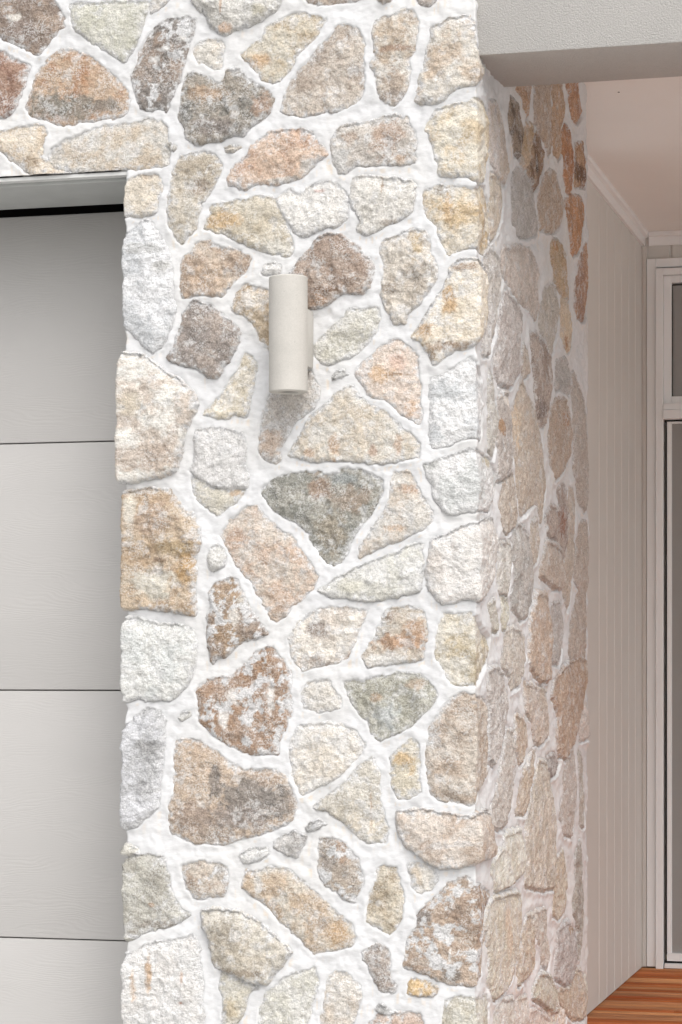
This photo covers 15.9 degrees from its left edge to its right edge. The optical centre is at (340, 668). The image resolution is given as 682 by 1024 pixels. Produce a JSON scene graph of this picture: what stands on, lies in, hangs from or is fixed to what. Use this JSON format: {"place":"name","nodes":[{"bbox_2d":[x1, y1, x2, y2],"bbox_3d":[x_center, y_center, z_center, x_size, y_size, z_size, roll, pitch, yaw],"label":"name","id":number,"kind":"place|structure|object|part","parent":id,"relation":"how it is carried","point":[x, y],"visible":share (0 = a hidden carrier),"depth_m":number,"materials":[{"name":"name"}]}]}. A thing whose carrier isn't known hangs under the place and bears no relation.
{"place":"outdoors","nodes":[
{"label":"outdoors","id":0,"kind":"place"},
{"bbox_2d":[584,76,681,231],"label":"ceiling","id":1,"kind":"structure","parent":0,"point":[634,138],"depth_m":7.79,"materials":[{"name":"paint"}]},
{"label":"driveway","id":2,"kind":"structure","parent":0,"visible":0},
{"bbox_2d":[0,0,589,1023],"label":"stone wall","id":3,"kind":"structure","parent":2,"relation":"on","point":[354,646],"depth_m":5.62,"materials":[{"name":"beige stone"}]},
{"bbox_2d":[0,204,123,217],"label":"garage interior","id":4,"kind":"object","parent":3,"relation":"attached to","point":[87,209],"depth_m":6.18,"materials":[{"name":"black"}]},
{"bbox_2d":[0,171,126,209],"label":"door lining","id":5,"kind":"object","parent":3,"relation":"attached to","point":[103,188],"depth_m":5.85,"materials":[{"name":"white metal"}]},
{"bbox_2d":[0,212,127,1023],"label":"garage door","id":6,"kind":"structure","parent":3,"relation":"attached to","point":[63,713],"depth_m":6.10,"materials":[{"name":"metal"}]},
{"bbox_2d":[269,274,312,394],"bbox_3d":[-0.115,-0.757,5.537,0.088,0.262,0.125,0,0,15],"label":"wall light","id":7,"kind":"object","parent":3,"relation":"attached to","point":[290,338],"visible":1,"depth_m":5.48,"materials":[{"name":"metal"}]},
{"bbox_3d":[2.713,-0.243,5.037,0.300,3.286,0.313,0,0,15],"label":"rendered post","id":8,"kind":"object","parent":2,"relation":"on","visible":0},
{"bbox_2d":[476,0,681,86],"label":"rendered beam","id":9,"kind":"structure","parent":8,"relation":"attached to","point":[532,42],"depth_m":5.48,"materials":[{"name":"white paint"}]},
{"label":"deck base","id":10,"kind":"structure","parent":2,"relation":"on","visible":0},
{"bbox_2d":[587,967,681,1023],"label":"deck","id":11,"kind":"structure","parent":10,"relation":"on","point":[643,995],"depth_m":8.44,"materials":[{"name":"brown wood"}]},
{"bbox_2d":[586,152,648,1014],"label":"cladding wall","id":12,"kind":"structure","parent":11,"relation":"on","point":[618,232],"depth_m":8.68,"materials":[{"name":"paint"}]},
{"bbox_2d":[642,230,681,966],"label":"entry wall","id":13,"kind":"structure","parent":11,"relation":"on","point":[662,244],"depth_m":9.39,"materials":[{"name":"paint"}]},
{"bbox_2d":[647,258,681,968],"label":"glazed door","id":14,"kind":"structure","parent":13,"relation":"attached to","point":[664,607],"depth_m":9.38,"materials":[{"name":"white wood"}]},
{"bbox_3d":[2.038,-1.261,9.200,1.573,0.443,0.006,0,0,15],"label":"window pane","id":15,"kind":"part","parent":14,"relation":"part of","materials":[{"name":"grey glass"}]}
]}
==*==
* **Task to complete**: Return the data above unchanged. Pictures are not part of the copy.

* **Answer for the task**:
This photo covers 15.9 degrees from its left edge to its right edge. The optical centre is at (340, 668). The image resolution is given as 682 by 1024 pixels. Produce a JSON scene graph of this picture: what stands on, lies in, hangs from or is fixed to what. Use this JSON format: {"place":"name","nodes":[{"bbox_2d":[x1, y1, x2, y2],"bbox_3d":[x_center, y_center, z_center, x_size, y_size, z_size, roll, pitch, yaw],"label":"name","id":number,"kind":"place|structure|object|part","parent":id,"relation":"how it is carried","point":[x, y],"visible":share (0 = a hidden carrier),"depth_m":number,"materials":[{"name":"name"}]}]}. A thing whose carrier isn't known hangs under the place and bears no relation.
{"place":"outdoors","nodes":[
{"label":"outdoors","id":0,"kind":"place"},
{"bbox_2d":[584,76,681,231],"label":"ceiling","id":1,"kind":"structure","parent":0,"point":[634,138],"depth_m":7.79,"materials":[{"name":"paint"}]},
{"label":"driveway","id":2,"kind":"structure","parent":0,"visible":0},
{"bbox_2d":[0,0,589,1023],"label":"stone wall","id":3,"kind":"structure","parent":2,"relation":"on","point":[354,646],"depth_m":5.62,"materials":[{"name":"beige stone"}]},
{"bbox_2d":[0,204,123,217],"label":"garage interior","id":4,"kind":"object","parent":3,"relation":"attached to","point":[87,209],"depth_m":6.18,"materials":[{"name":"black"}]},
{"bbox_2d":[0,171,126,209],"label":"door lining","id":5,"kind":"object","parent":3,"relation":"attached to","point":[103,188],"depth_m":5.85,"materials":[{"name":"white metal"}]},
{"bbox_2d":[0,212,127,1023],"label":"garage door","id":6,"kind":"structure","parent":3,"relation":"attached to","point":[63,713],"depth_m":6.10,"materials":[{"name":"metal"}]},
{"bbox_2d":[269,274,312,394],"bbox_3d":[-0.115,-0.757,5.537,0.088,0.262,0.125,0,0,15],"label":"wall light","id":7,"kind":"object","parent":3,"relation":"attached to","point":[290,338],"visible":1,"depth_m":5.48,"materials":[{"name":"metal"}]},
{"bbox_3d":[2.713,-0.243,5.037,0.300,3.286,0.313,0,0,15],"label":"rendered post","id":8,"kind":"object","parent":2,"relation":"on","visible":0},
{"bbox_2d":[476,0,681,86],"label":"rendered beam","id":9,"kind":"structure","parent":8,"relation":"attached to","point":[532,42],"depth_m":5.48,"materials":[{"name":"white paint"}]},
{"label":"deck base","id":10,"kind":"structure","parent":2,"relation":"on","visible":0},
{"bbox_2d":[587,967,681,1023],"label":"deck","id":11,"kind":"structure","parent":10,"relation":"on","point":[643,995],"depth_m":8.44,"materials":[{"name":"brown wood"}]},
{"bbox_2d":[586,152,648,1014],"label":"cladding wall","id":12,"kind":"structure","parent":11,"relation":"on","point":[618,232],"depth_m":8.68,"materials":[{"name":"paint"}]},
{"bbox_2d":[642,230,681,966],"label":"entry wall","id":13,"kind":"structure","parent":11,"relation":"on","point":[662,244],"depth_m":9.39,"materials":[{"name":"paint"}]},
{"bbox_2d":[647,258,681,968],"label":"glazed door","id":14,"kind":"structure","parent":13,"relation":"attached to","point":[664,607],"depth_m":9.38,"materials":[{"name":"white wood"}]},
{"bbox_3d":[2.038,-1.261,9.200,1.573,0.443,0.006,0,0,15],"label":"window pane","id":15,"kind":"part","parent":14,"relation":"part of","materials":[{"name":"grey glass"}]}
]}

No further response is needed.